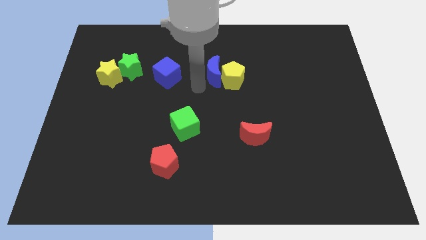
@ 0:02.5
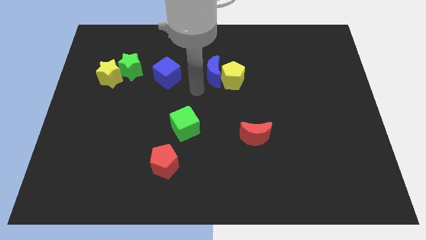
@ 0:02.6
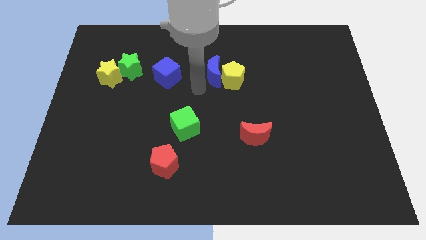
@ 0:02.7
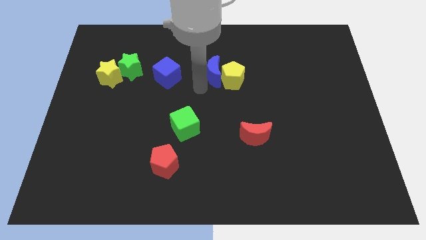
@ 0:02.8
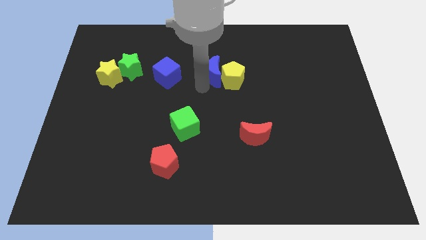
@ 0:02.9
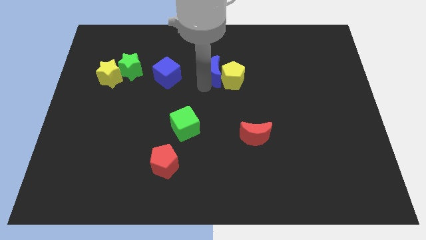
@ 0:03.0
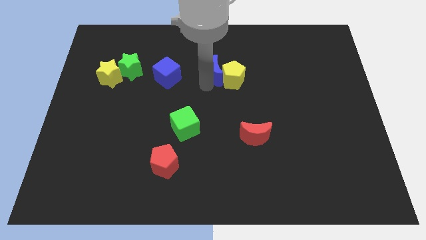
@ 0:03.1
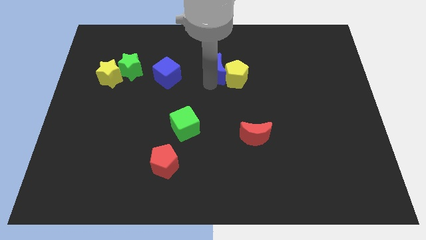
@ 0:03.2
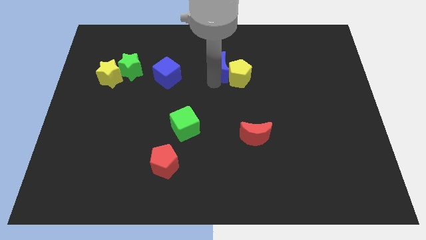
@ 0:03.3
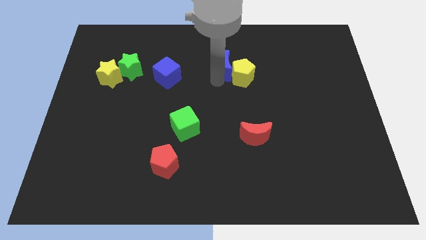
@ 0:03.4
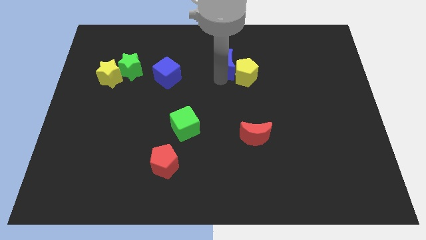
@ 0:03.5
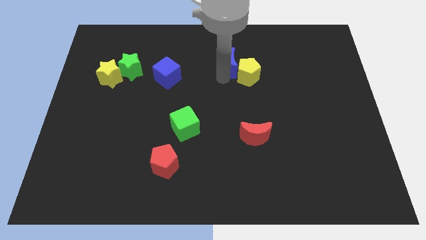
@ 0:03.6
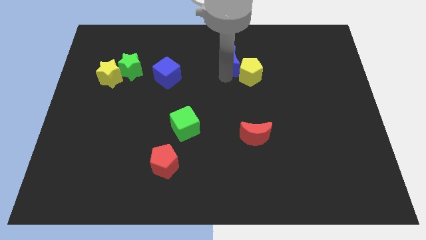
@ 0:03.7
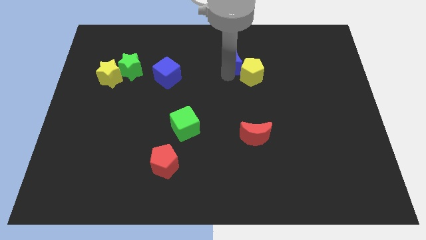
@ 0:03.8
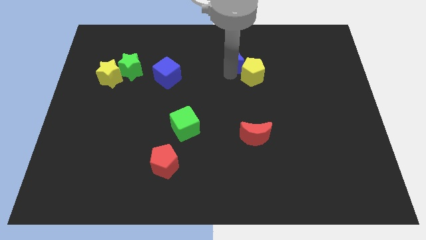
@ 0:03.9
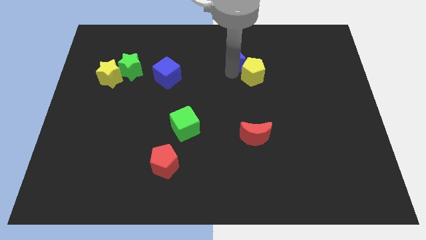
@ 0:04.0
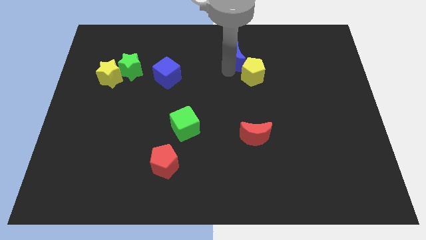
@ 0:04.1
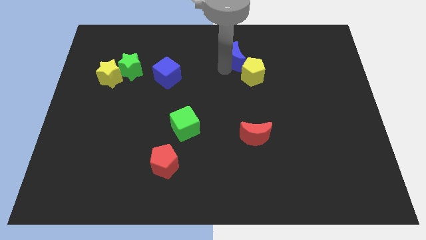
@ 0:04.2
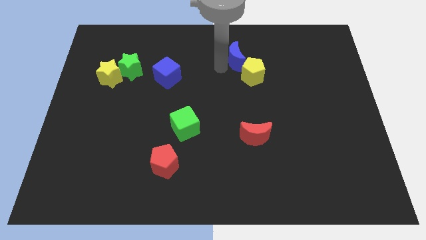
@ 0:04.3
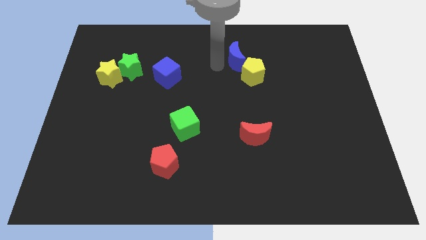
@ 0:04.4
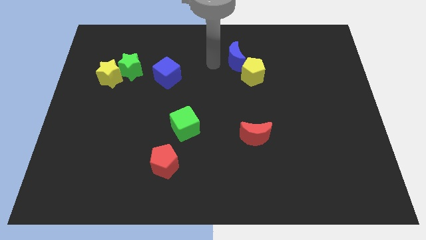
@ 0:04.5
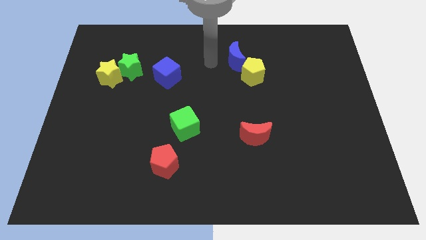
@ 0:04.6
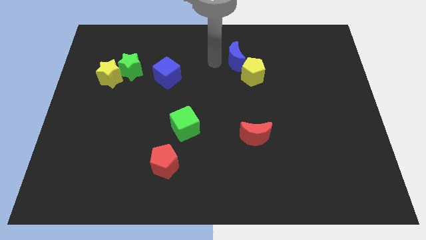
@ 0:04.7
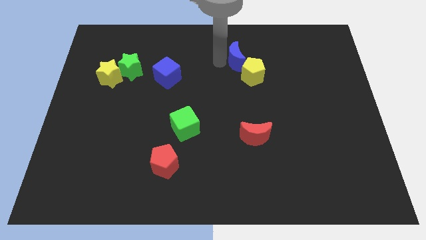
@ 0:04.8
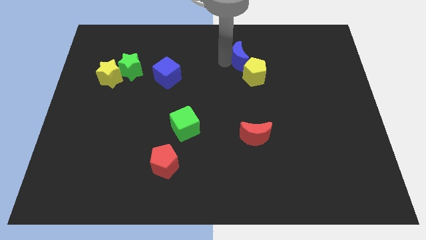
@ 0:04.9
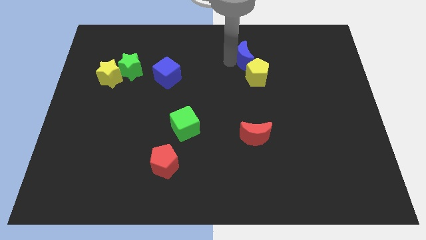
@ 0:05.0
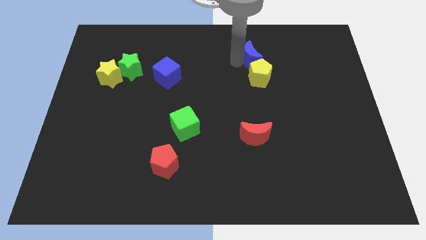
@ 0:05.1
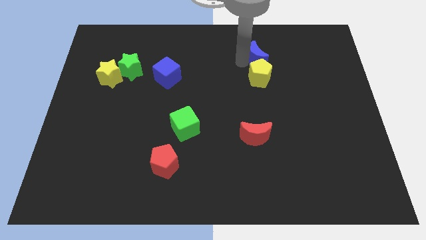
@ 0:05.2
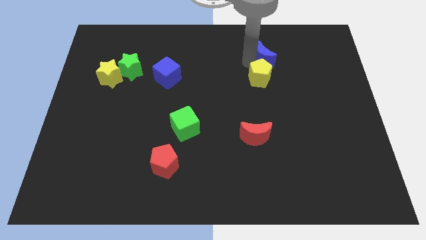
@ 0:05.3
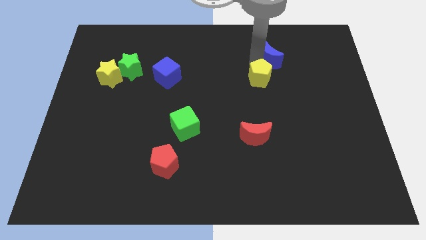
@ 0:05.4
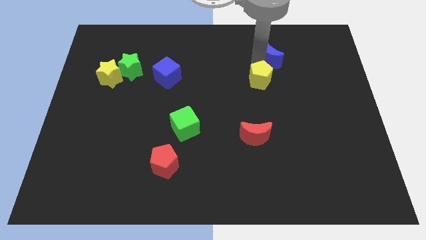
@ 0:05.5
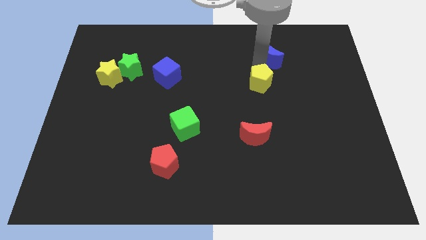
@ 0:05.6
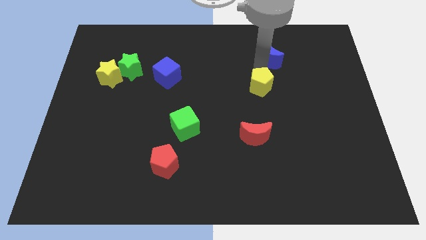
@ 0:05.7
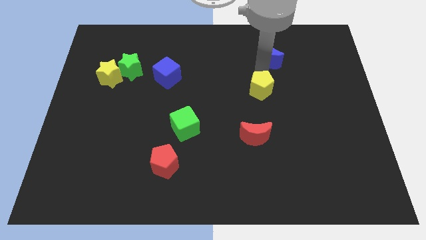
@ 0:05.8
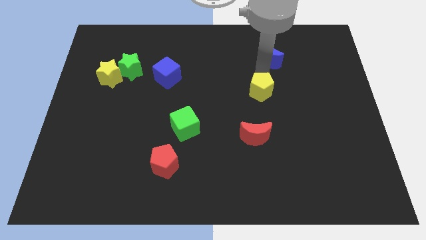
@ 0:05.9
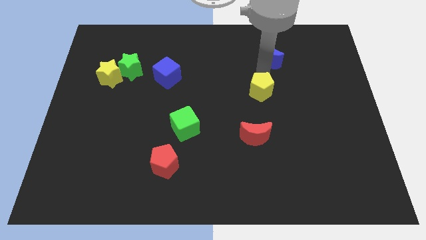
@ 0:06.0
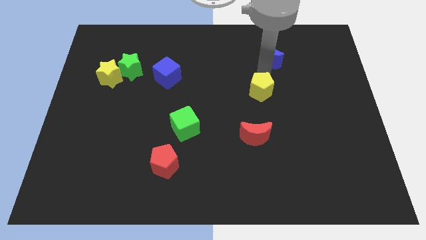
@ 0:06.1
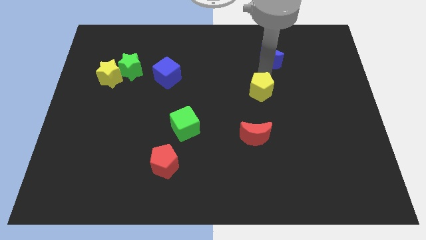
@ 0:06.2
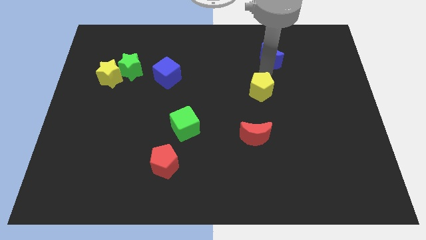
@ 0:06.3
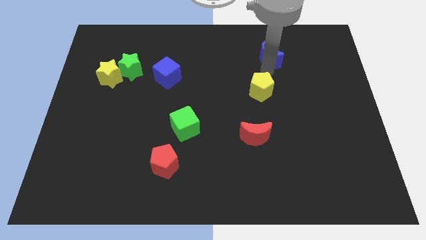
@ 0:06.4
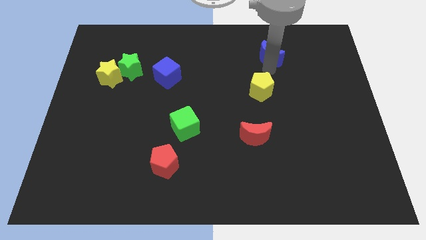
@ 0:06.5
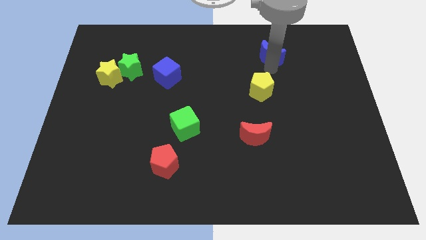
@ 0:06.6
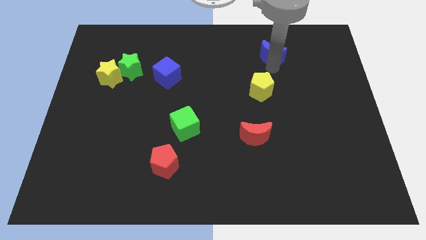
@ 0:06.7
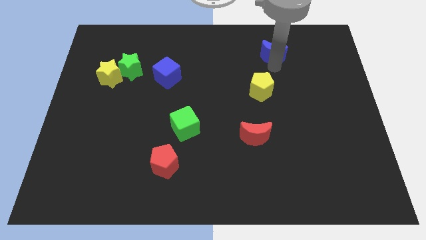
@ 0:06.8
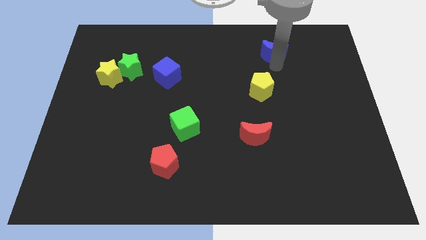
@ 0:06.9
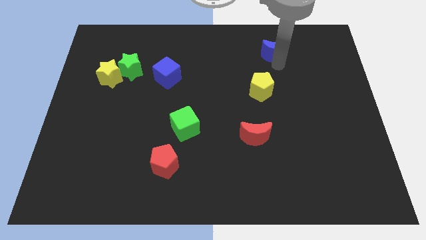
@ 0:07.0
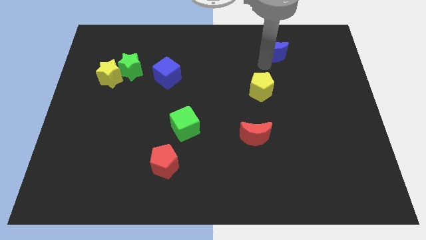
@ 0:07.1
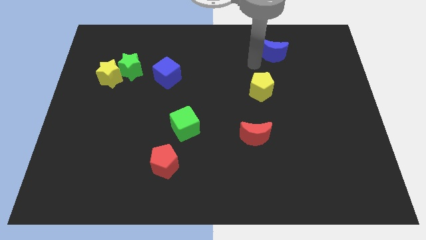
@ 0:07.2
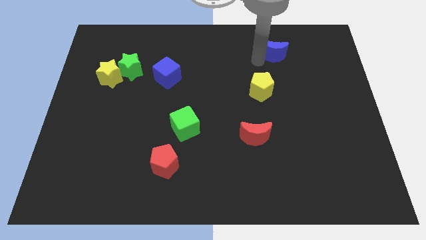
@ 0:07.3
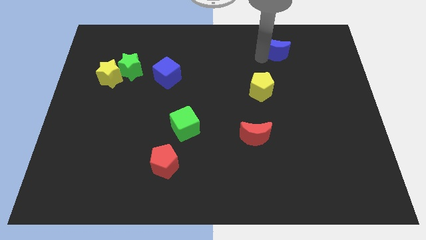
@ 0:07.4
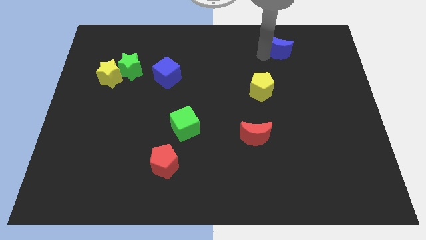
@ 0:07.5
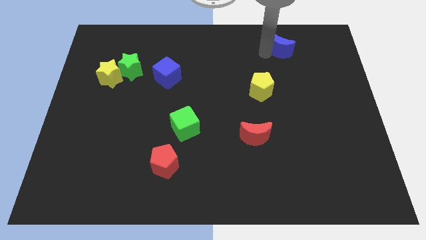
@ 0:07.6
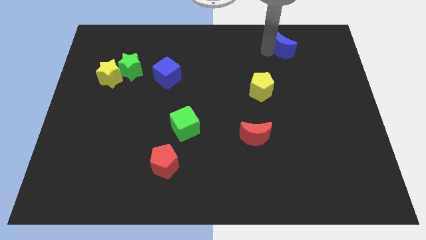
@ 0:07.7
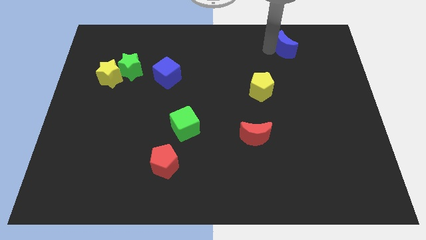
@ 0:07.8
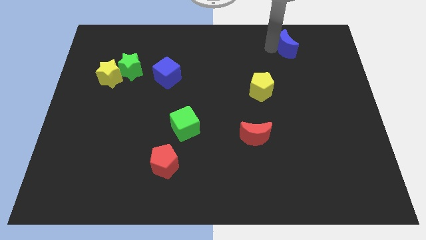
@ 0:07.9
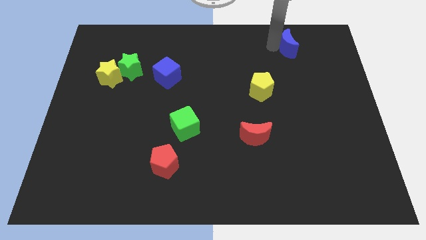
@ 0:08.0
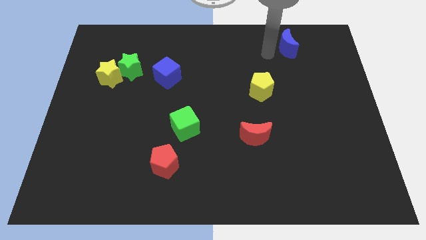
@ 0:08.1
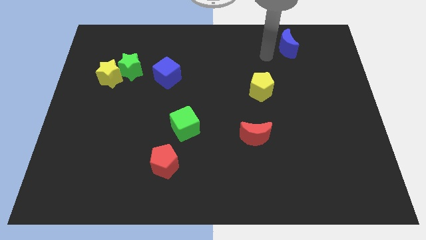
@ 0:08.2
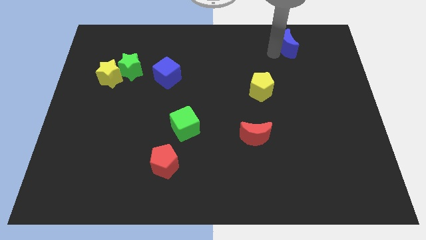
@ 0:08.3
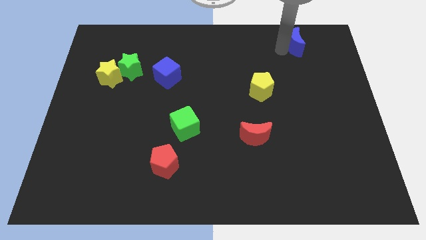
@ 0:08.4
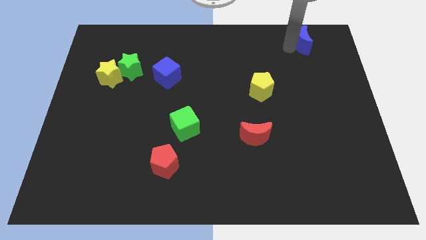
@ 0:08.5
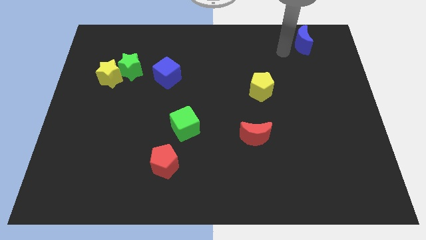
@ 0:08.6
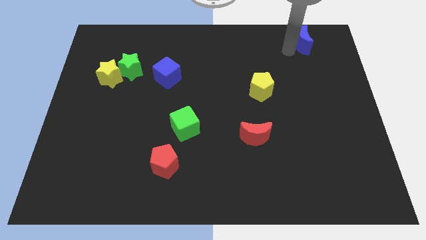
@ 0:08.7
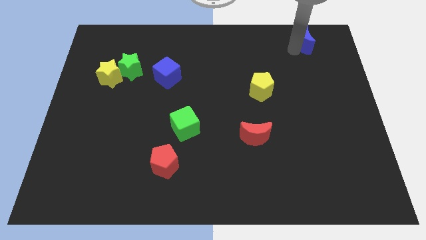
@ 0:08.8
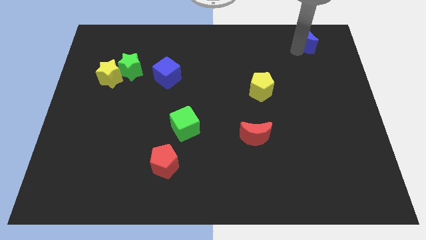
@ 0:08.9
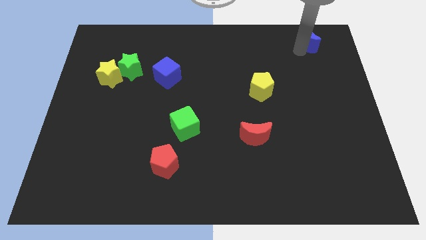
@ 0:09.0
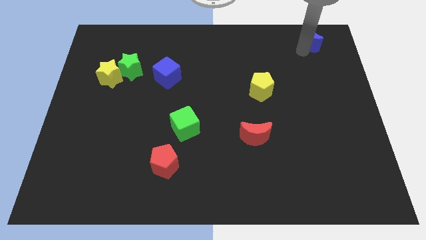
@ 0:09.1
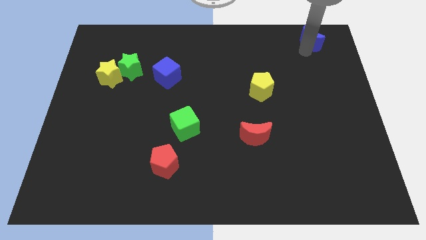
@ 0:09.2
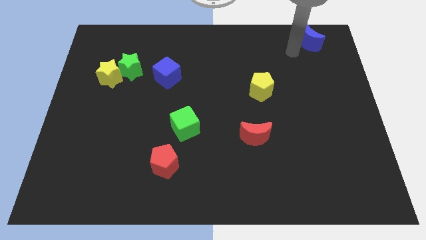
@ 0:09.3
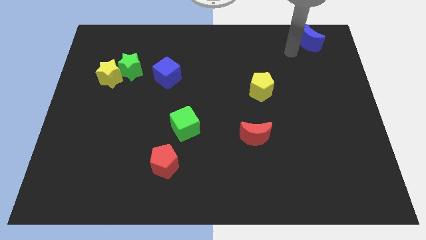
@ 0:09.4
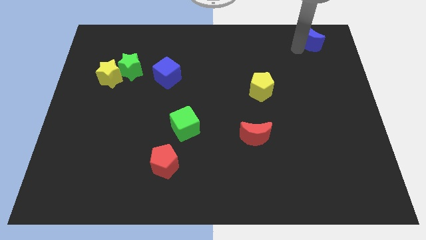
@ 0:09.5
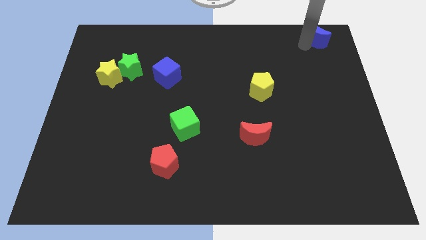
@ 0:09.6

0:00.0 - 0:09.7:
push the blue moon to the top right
=======
_Required work:_
Leave out the pictures and return every record word for word.

_Expected answer:_
@ 0:02.5
@ 0:02.6
@ 0:02.7
@ 0:02.8
@ 0:02.9
@ 0:03.0
@ 0:03.1
@ 0:03.2
@ 0:03.3
@ 0:03.4
@ 0:03.5
@ 0:03.6
@ 0:03.7
@ 0:03.8
@ 0:03.9
@ 0:04.0
@ 0:04.1
@ 0:04.2
@ 0:04.3
@ 0:04.4
@ 0:04.5
@ 0:04.6
@ 0:04.7
@ 0:04.8
@ 0:04.9
@ 0:05.0
@ 0:05.1
@ 0:05.2
@ 0:05.3
@ 0:05.4
@ 0:05.5
@ 0:05.6
@ 0:05.7
@ 0:05.8
@ 0:05.9
@ 0:06.0
@ 0:06.1
@ 0:06.2
@ 0:06.3
@ 0:06.4
@ 0:06.5
@ 0:06.6
@ 0:06.7
@ 0:06.8
@ 0:06.9
@ 0:07.0
@ 0:07.1
@ 0:07.2
@ 0:07.3
@ 0:07.4
@ 0:07.5
@ 0:07.6
@ 0:07.7
@ 0:07.8
@ 0:07.9
@ 0:08.0
@ 0:08.1
@ 0:08.2
@ 0:08.3
@ 0:08.4
@ 0:08.5
@ 0:08.6
@ 0:08.7
@ 0:08.8
@ 0:08.9
@ 0:09.0
@ 0:09.1
@ 0:09.2
@ 0:09.3
@ 0:09.4
@ 0:09.5
@ 0:09.6

0:00.0 - 0:09.7:
push the blue moon to the top right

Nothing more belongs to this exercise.